··· MATERIAL PROVIDED
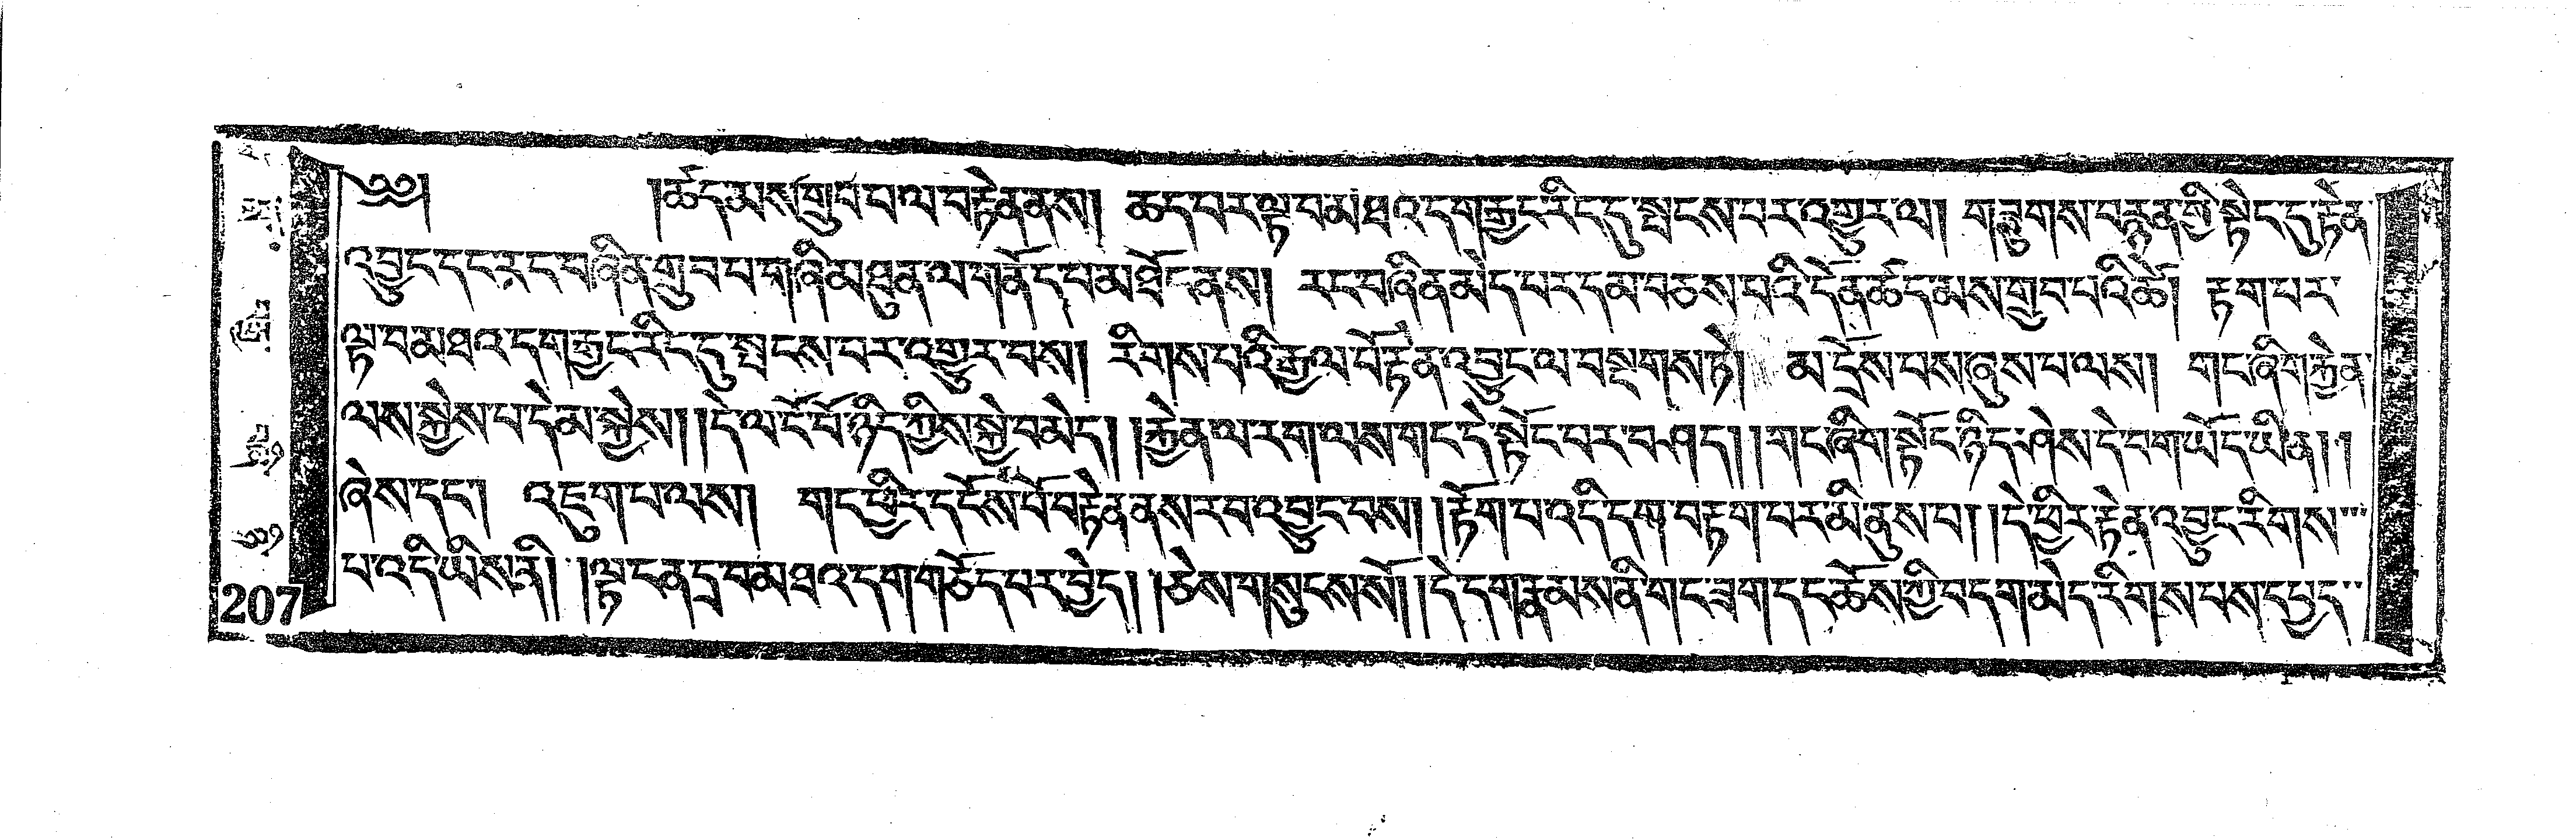༄༅། །ཚད་མས་གྲུབ་པ་ལ་བརྟེན་ནས། ཆད་པར་ལྟ་བ་མཐའ་དག་རྒྱང་རིང་དུ་སྤངས་པར་འགྱུར་ལ། གཟུགས་བརྙན་གྱི་སྟེང་དུ་རྟེན་
འབྱུང་དང་རང་བཞིན་གྲུབ་པ་གཞི་མཐུན་ལ་གནོད་པ་མཐོང་ནས། རང་བཞིན་མེད་པར་དམ་བཅས་པའི་དོན་ཚད་མས་གྲུབ་པའི་ཚེ། རྟག་པར་
ལྟ་བ་མཐའ་དག་རྒྱང་རིང་དུ་སྤངས་པར་འགྱུར་བས། རིགས་པའི་རྒྱལ་པོ་རྟེན་འབྱུང་ལ་བསྔགས་ཏེ། མ་དྲོས་པས་ཞུས་པ་ལས། གང་ཞིག་རྐྱེན་
ལས་སྐྱེས་པ་དེ་མ་སྐྱེས། །དེ་ལ་ངོ་བོ་ཉིད་ཀྱིས་སྐྱེ་བ་མེད། །རྐྱེན་ལ་རག་ལས་གང་དེ་སྟོང་པར་བཤད། །གང་ཞིག་སྟོང་ཉིད་ཤེས་དེ་བག་ཡོད་ཡིན། །
ཞེས་དང་། འཇུག་པ་ལས། གང་ཕྱིར་དངོས་པོ་བརྟེན་ནས་རབ་འབྱུང་བས། །རྟོག་པ་འདི་དག་བརྟག་པར་མི་ནུས་པ། །དེ་ཕྱིར་རྟེན་འབྱུང་རིགས་
པ་འདི་ཡིས་ནི། །ལྟ་ངན་དྲ་བ་མཐའ་དག་གཅོད་པར་བྱེད། །ཅེས་གསུངས་སོ། །དེ་དག་རྣམས་ནི་གང་ཟག་དང་ཆོས་ཀྱི་བདག་མེད་རིགས་པས་དཔྱད་
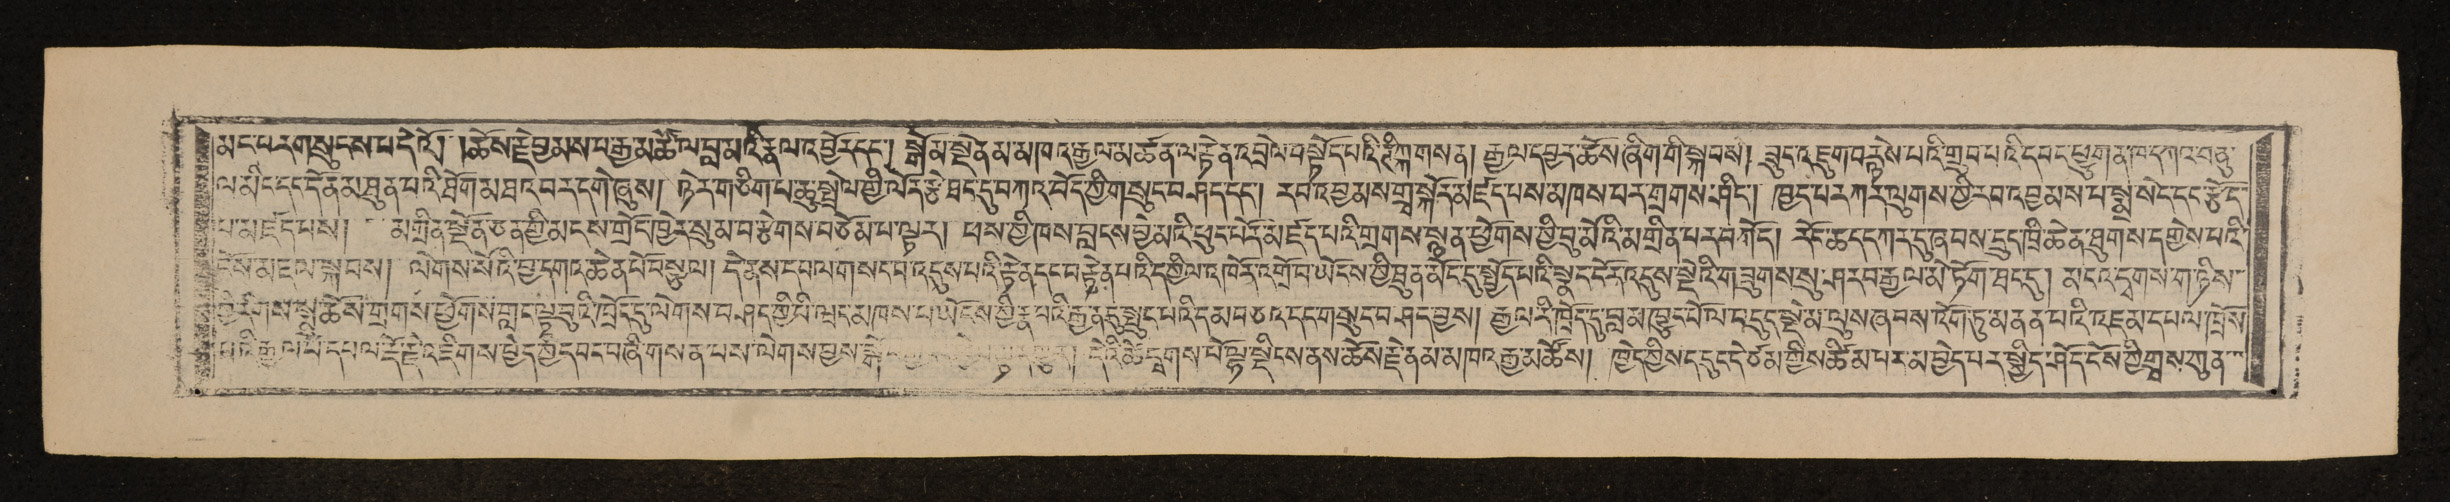མང་བར་གསུངས་པ་དེའོ། །ཆོས་རྗེ་བྱམས་པ་རྒྱ་མཚོ་ལ་བླ་མའི་རྣལ་འབྱོར་དང་། སྒོམ་སྡེ་ནམ་མཁའ་རྒྱལ་མཚན་ལ་རྟེན་འབྲེལ་བསྟོད་པའི་ཊིཀྐ་གསན། རྒྱལ་དབྱར་ཆོས་ཞིག་གི་སྐབས། ཟུང་འཇུག་བརྙེས་པའི་གྲུབ་པའི་དབང་ཕྱུག་ན་ཁ་དཀའ་བཅུ་
ལ་མིང་དང་དོན་མཐུན་པའི་ཐོག་མཐའ་བར་དགེ་ཞུས། ཉེར་གཅིག་པ་ཆུ་སྤྲེལ་གྱི་ལོར་རྩེ་ཐང་དུ་བཀའ་བོད་ཀྱི་གསུང་བཤད་དང་། རབ་འབྱམས་གྲྭ་སྐོར་མཛད་པས་མཁས་པར་གྲགས་ཤིང་། ཁྱད་པར་ཀང་ལུགས་ཀྱི་རབ་འབྱམས་པ་སྨྲ་སེང་དང་རྩོད་
པ་མཛད་པས། མགྲིན་སྔོན་ཅན་གྱི་མདས་གྲོང་ཁྱེར་སུམ་བརྩེགས་བཅོམ་པ་ལྟར། ཕས་ཀྱི་ཁས་བླངས་བྱེ་མའི་ཕུང་པོར་མཛད་པའི་གྲགས་སྙན་ཕྱོགས་ཀྱི་བུ་མོའི་མགྲིན་པར་བཀོད། རོང་ཆད་དཀར་དུ་ཞབས་དྲུང་ཁྲི་ཆེན་ཐུགས་དགྱེས་པའི་
ངོས་མཇལ་སྐབས། ལེགས་སོའི་བྱ་དགའ་ཆེན་པོ་བསྩལ། དེ་ནས་དཔལ་གསང་བ་འདུས་པའི་རྟེན་དང་བརྟེན་པའི་དཀྱིལ་འཁོར་འགྲོ་བ་ཡོངས་ཀྱི་ཐུན་མོང་དུ་སྤྱོད་པའི་སྣང་ངོར་འདུས་སྡེའི་གཟུགས་སུ་ཤར་བ་རྒྱལ་མེ་ཏོག་ཐང་དུ། མངའ་དྭགས་གཉིས་
ཀྱི་རིགས་སྨྲ་ཆོས་གྲགས་ཕྱོགས་གླང་ལྟ་བུའི་ཁྲོད་དུ་ལེགས་བཤད་ཀྱི་པི་ཝང་མཁས་པ་ཡོངས་ཀྱི་རྣ་བའི་རྒྱན་དུ་སྤུད་པའི་དམ་བཅའ་དང་གསུང་བཤད་བྱས། རྒྱལ་རི་ཁྲོད་དུ་བླ་མ་ཁྱུང་པོ་ལ་བདུད་སྡེ་མ་ལུས་ཞབས་འོག་ཏུ་མནན་པའི་འཇམ་དཔལ་ཁྲོས་
པའི་རྒྱལ་པོ་དཔལ་རྡོ་རྗེ་འཇིགས་བྱེད་ཀྱི་དབང་བཞི་གསན་པས་ལེགས་བྱས་སྒོ་བརྒྱ་རང་ཕྱེ་བ་ལྟར་གྱུར། དེའི་ཚེ་དྭགས་པོ་ལྷ་སྡིངས་ནས་ཆོས་རྗེ་ནམ་མཁའ་རྒྱ་མཚོས། ཁྱེད་ཀྱིས་ད་དུང་དེ་ཙམ་གྱིས་ཚིམ་པར་མ་བྱེད་པར་སྐྱིད་ཤོད་ངོས་ཀྱི་གྲྭ་ས་ཀུན་
······
*WHAT YOU HAVE TO DO:* Each line from the first line of the data above through the one containing "ཞེས་དང་། འཇུག་པ་ལས། གང་ཕྱིར་དངོས་པོ་བརྟེན་ནས་རབ་འབྱུང་བས།" must be set down exactly; the pictures must not be.

*YOUR RESPONSE:*
༄༅། །ཚད་མས་གྲུབ་པ་ལ་བརྟེན་ནས། ཆད་པར་ལྟ་བ་མཐའ་དག་རྒྱང་རིང་དུ་སྤངས་པར་འགྱུར་ལ། གཟུགས་བརྙན་གྱི་སྟེང་དུ་རྟེན་
འབྱུང་དང་རང་བཞིན་གྲུབ་པ་གཞི་མཐུན་ལ་གནོད་པ་མཐོང་ནས། རང་བཞིན་མེད་པར་དམ་བཅས་པའི་དོན་ཚད་མས་གྲུབ་པའི་ཚེ། རྟག་པར་
ལྟ་བ་མཐའ་དག་རྒྱང་རིང་དུ་སྤངས་པར་འགྱུར་བས། རིགས་པའི་རྒྱལ་པོ་རྟེན་འབྱུང་ལ་བསྔགས་ཏེ། མ་དྲོས་པས་ཞུས་པ་ལས། གང་ཞིག་རྐྱེན་
ལས་སྐྱེས་པ་དེ་མ་སྐྱེས། །དེ་ལ་ངོ་བོ་ཉིད་ཀྱིས་སྐྱེ་བ་མེད། །རྐྱེན་ལ་རག་ལས་གང་དེ་སྟོང་པར་བཤད། །གང་ཞིག་སྟོང་ཉིད་ཤེས་དེ་བག་ཡོད་ཡིན། །
ཞེས་དང་། འཇུག་པ་ལས། གང་ཕྱིར་དངོས་པོ་བརྟེན་ནས་རབ་འབྱུང་བས། །རྟོག་པ་འདི་དག་བརྟག་པར་མི་ནུས་པ། །དེ་ཕྱིར་རྟེན་འབྱུང་རིགས་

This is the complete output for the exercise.